━━ Data to use

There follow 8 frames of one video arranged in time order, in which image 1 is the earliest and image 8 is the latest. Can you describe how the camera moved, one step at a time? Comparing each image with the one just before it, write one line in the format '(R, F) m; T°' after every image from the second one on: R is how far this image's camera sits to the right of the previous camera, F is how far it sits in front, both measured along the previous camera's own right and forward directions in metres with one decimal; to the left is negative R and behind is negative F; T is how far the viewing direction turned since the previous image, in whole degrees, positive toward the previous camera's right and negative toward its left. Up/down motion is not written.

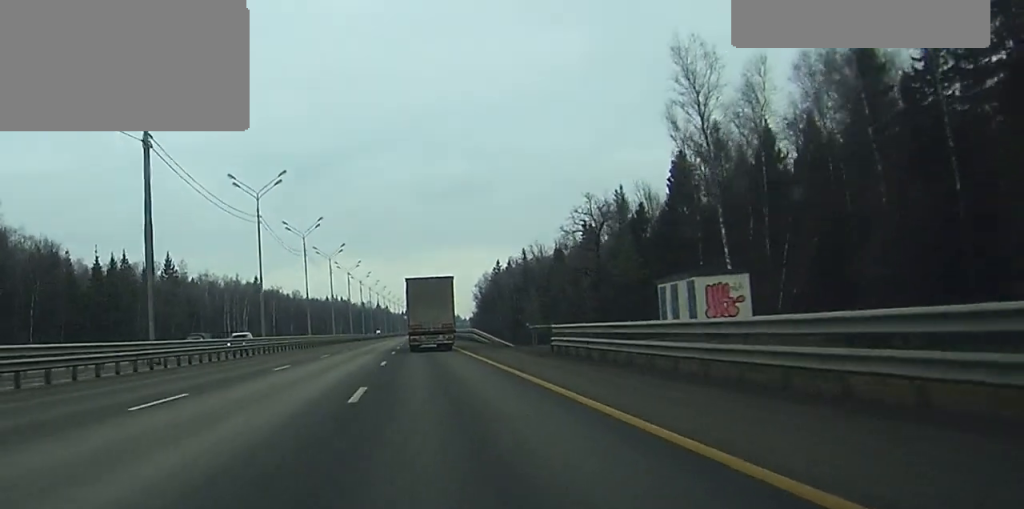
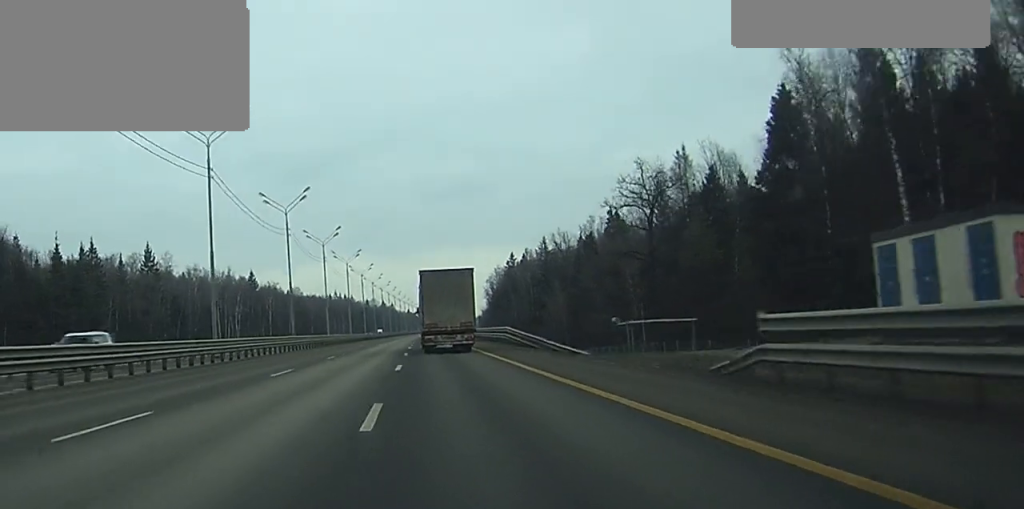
(0.0, +20.5) m; 0°
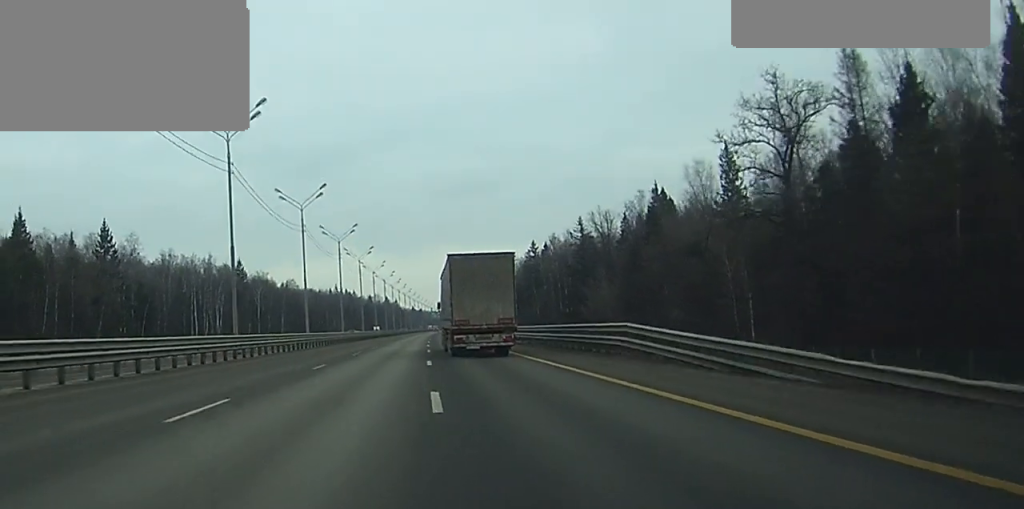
(-0.1, +30.2) m; 0°
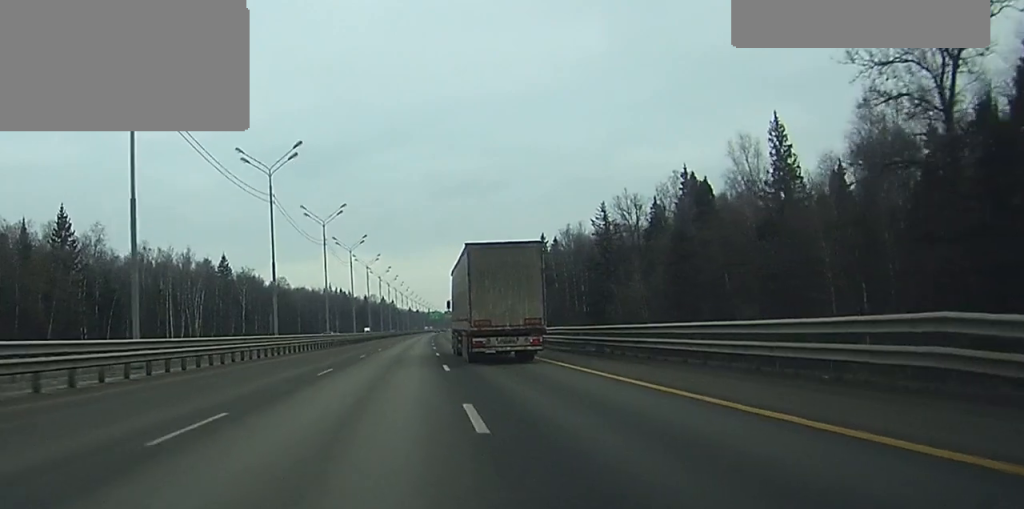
(0.0, +18.5) m; 0°
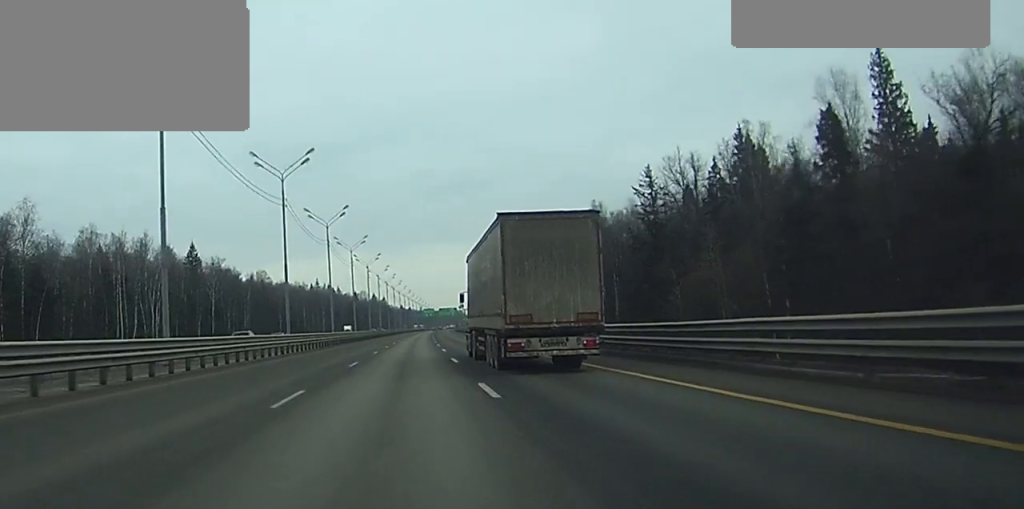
(+0.1, +27.3) m; +1°
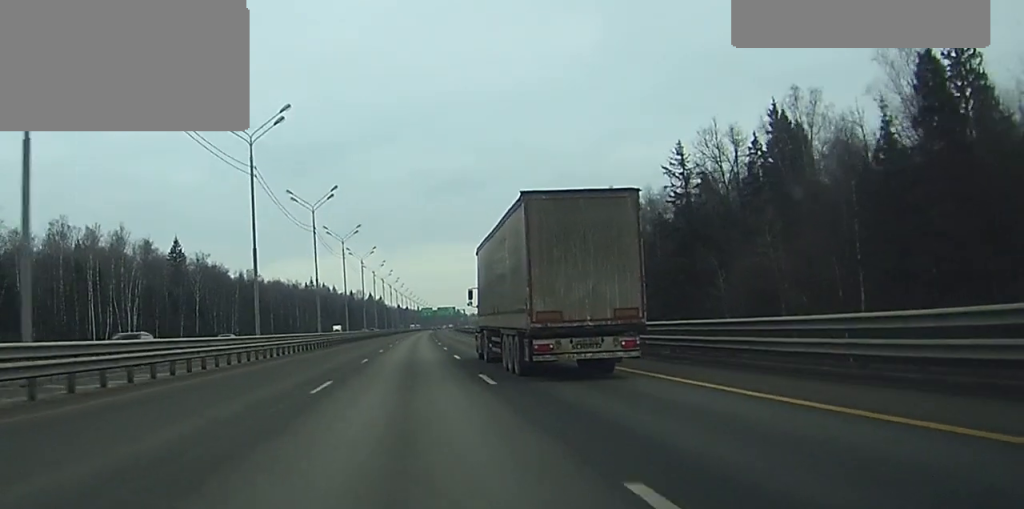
(0.0, +12.7) m; 0°
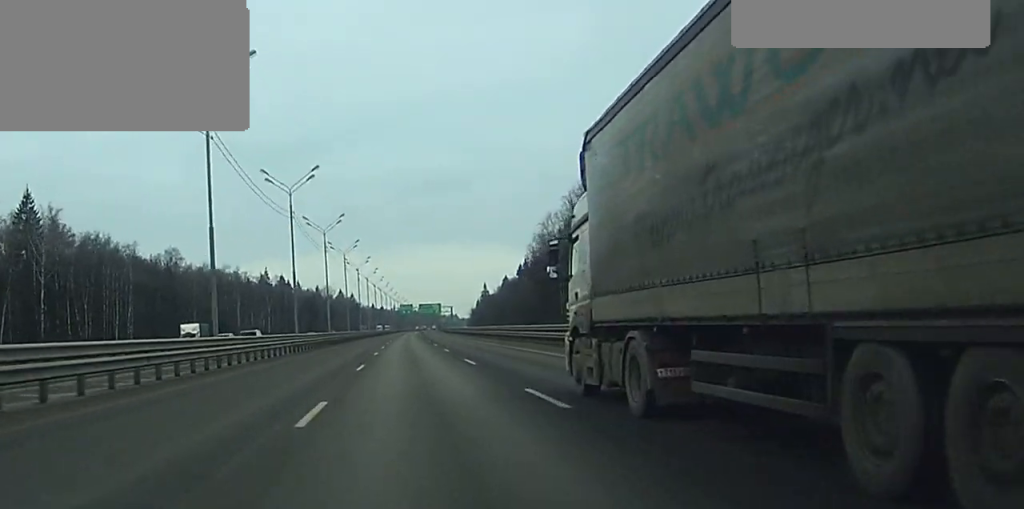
(+0.8, +70.7) m; +1°
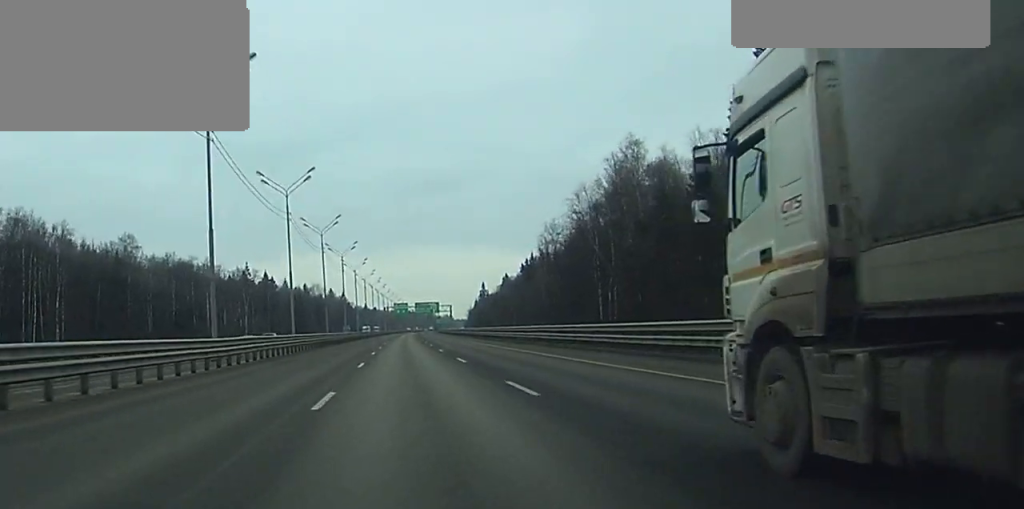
(+0.2, +29.7) m; +1°
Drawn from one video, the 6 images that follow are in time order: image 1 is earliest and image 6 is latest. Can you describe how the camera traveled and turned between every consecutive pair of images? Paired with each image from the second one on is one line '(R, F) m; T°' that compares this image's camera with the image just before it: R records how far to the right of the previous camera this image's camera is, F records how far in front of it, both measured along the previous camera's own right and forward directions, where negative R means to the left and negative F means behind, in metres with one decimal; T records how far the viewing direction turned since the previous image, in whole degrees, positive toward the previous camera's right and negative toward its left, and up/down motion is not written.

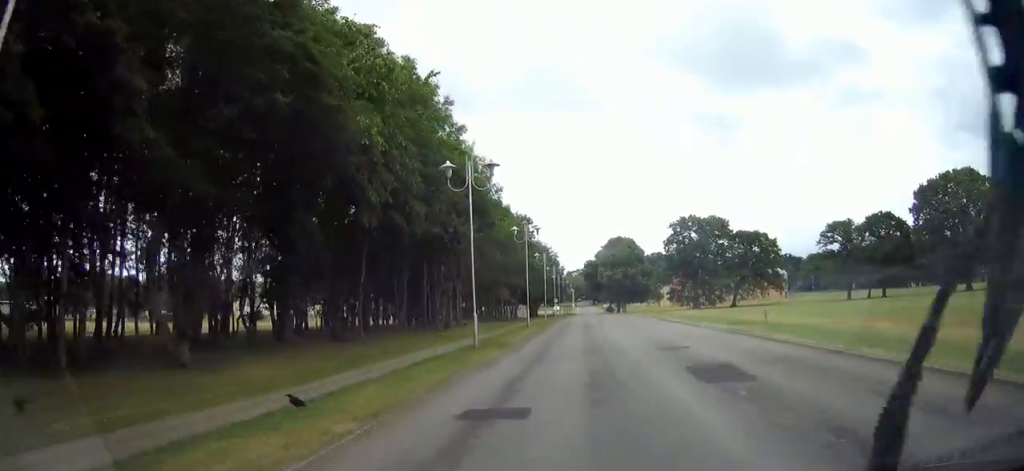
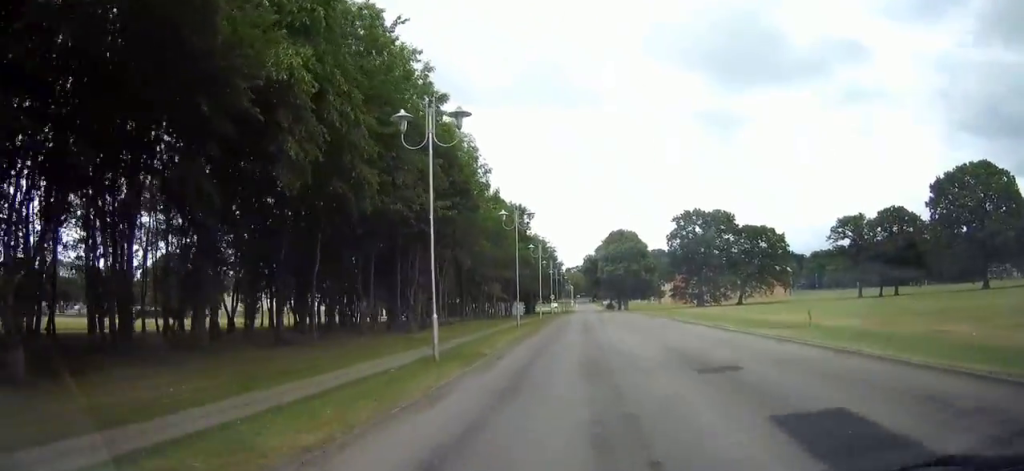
(-0.1, +6.1) m; 0°
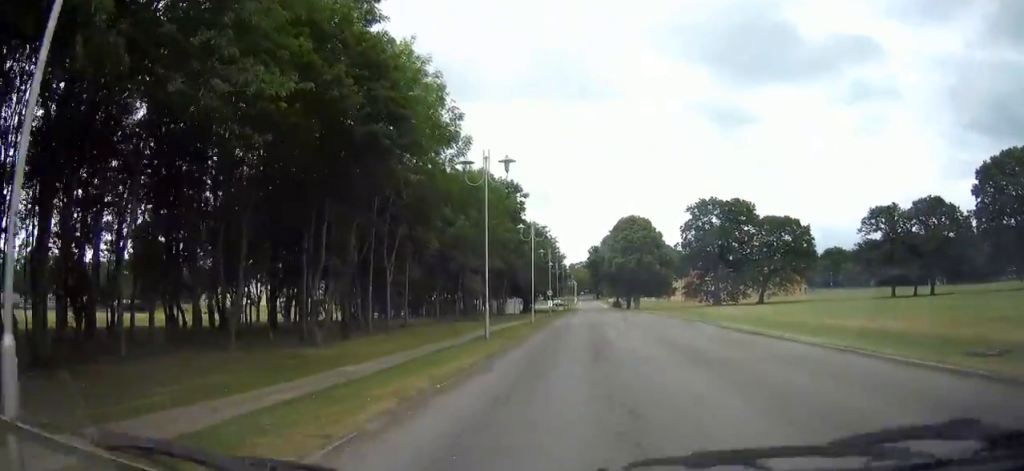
(0.0, +13.3) m; -1°
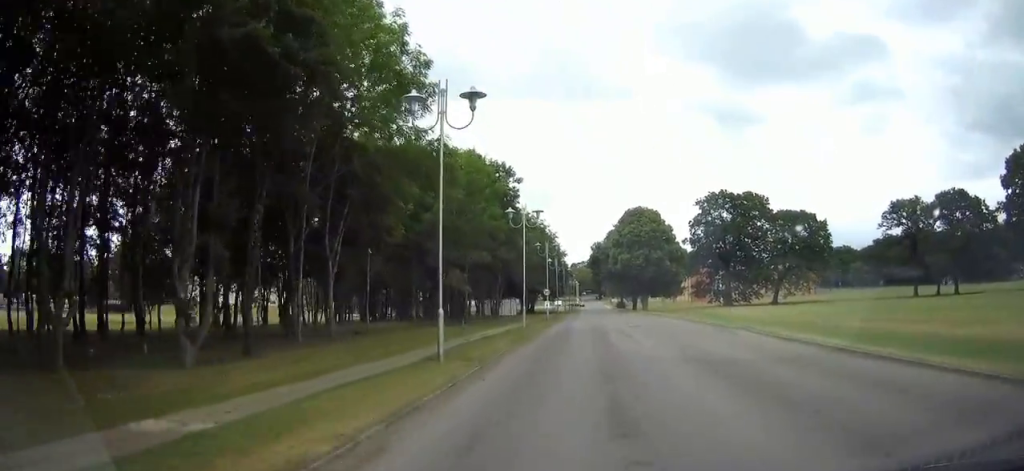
(-0.1, +7.7) m; -1°
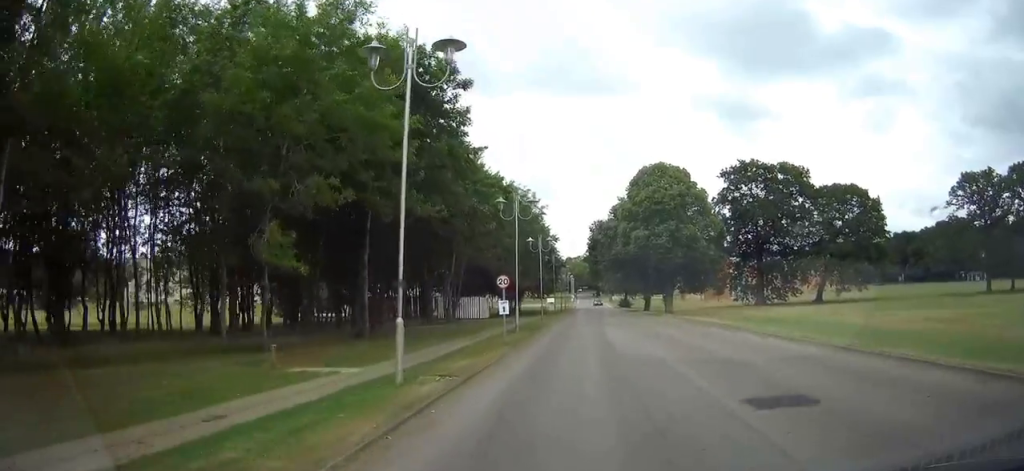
(+0.3, +23.6) m; +4°
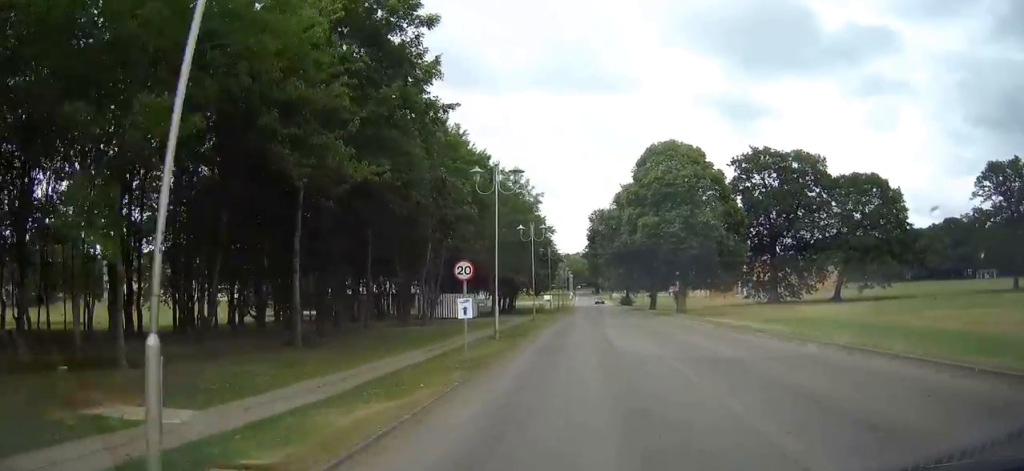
(+0.3, +7.0) m; +1°
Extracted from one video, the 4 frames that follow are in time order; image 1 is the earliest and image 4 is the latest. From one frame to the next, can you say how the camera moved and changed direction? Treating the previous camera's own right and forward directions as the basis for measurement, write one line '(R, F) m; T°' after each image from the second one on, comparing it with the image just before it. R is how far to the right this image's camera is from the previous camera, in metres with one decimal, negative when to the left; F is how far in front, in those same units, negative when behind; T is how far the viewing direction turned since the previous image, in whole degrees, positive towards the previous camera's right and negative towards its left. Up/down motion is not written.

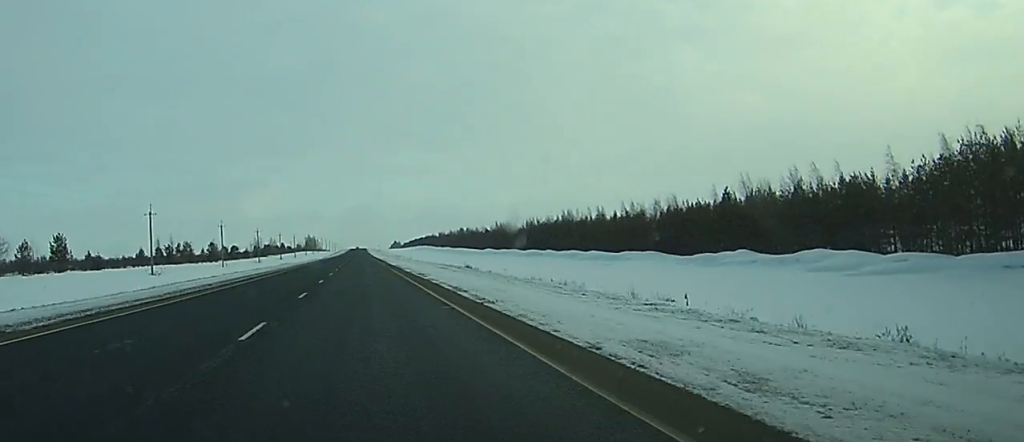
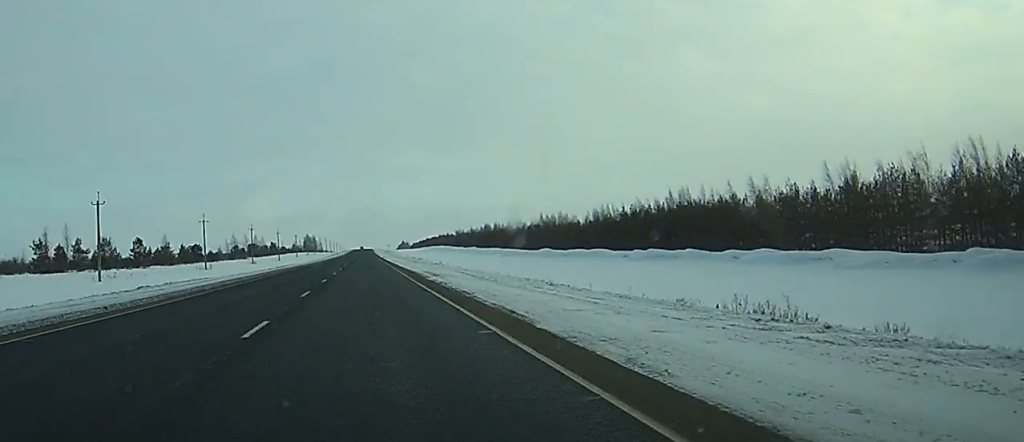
(+0.1, +83.4) m; 0°
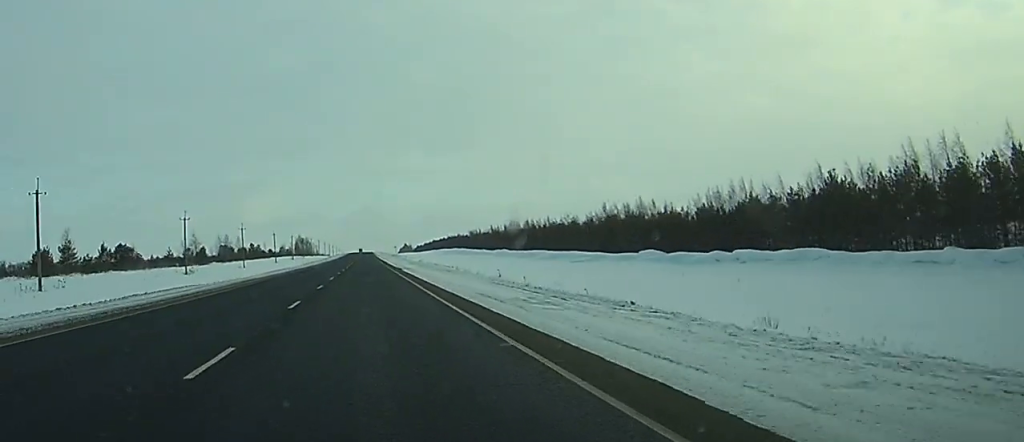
(-0.1, +76.1) m; 0°
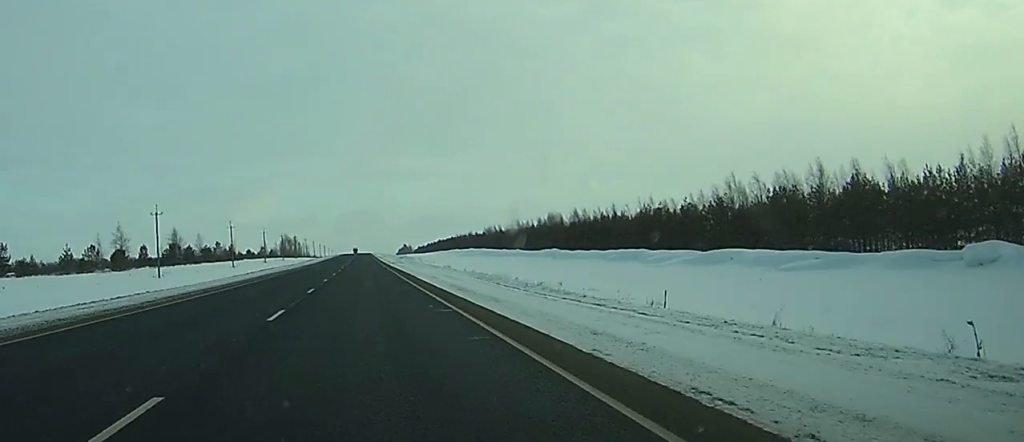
(-0.1, +76.0) m; 0°

━━━━

**Instructions for the task:** Reproduce the complete set of records verbatim and omit the pictures.

**Result:**
There follow 8 frames of one video arranged in time order, in which image 1 is the earliest and image 8 is the latest. Can you describe how the camera moved, one step at a time? Comparing each image with the one just before it, write one line in the format '(R, F) m; T°' after every image from the second one on: R is how far this image's camera sits to the right of the previous camera, F is how far it sits in front, both measured along the previous camera's own right and forward directions in metres with one decimal; to the left is negative R and behind is negative F; T is how far the viewing direction turned since the previous image, in whole degrees, positive toward the previous camera's right and negative toward its left. Up/down motion is not written.

(0.0, +20.5) m; 0°
(-0.1, +30.2) m; 0°
(0.0, +18.5) m; 0°
(+0.1, +27.3) m; +1°
(0.0, +12.7) m; 0°
(+0.8, +70.7) m; +1°
(+0.2, +29.7) m; +1°
Drawn from one video, the 6 images that follow are in time order: image 1 is earliest and image 6 is latest. Can you describe how the camera traveled and turned between every consecutive pair of images? Paired with each image from the second one on is one line '(R, F) m; T°' that compares this image's camera with the image just before it: R records how far to the right of the previous camera this image's camera is, F records how far in front of it, both measured along the previous camera's own right and forward directions, where negative R means to the left and negative F means behind, in metres with one decimal; T records how far the viewing direction turned since the previous image, in whole degrees, positive toward the previous camera's right and negative toward its left, and up/down motion is not written.

(-0.1, +6.1) m; 0°
(0.0, +13.3) m; -1°
(-0.1, +7.7) m; -1°
(+0.3, +23.6) m; +4°
(+0.3, +7.0) m; +1°
Extracted from one video, the 4 frames that follow are in time order; image 1 is the earliest and image 4 is the latest. From one frame to the next, can you say how the camera moved and changed direction? Treating the previous camera's own right and forward directions as the basis for measurement, write one line '(R, F) m; T°' after each image from the second one on, comparing it with the image just before it. R is how far to the right this image's camera is from the previous camera, in metres with one decimal, negative when to the left; F is how far in front, in those same units, negative when behind; T is how far the viewing direction turned since the previous image, in whole degrees, positive towards the previous camera's right and negative towards its left. Up/down motion is not written.

(+0.1, +83.4) m; 0°
(-0.1, +76.1) m; 0°
(-0.1, +76.0) m; 0°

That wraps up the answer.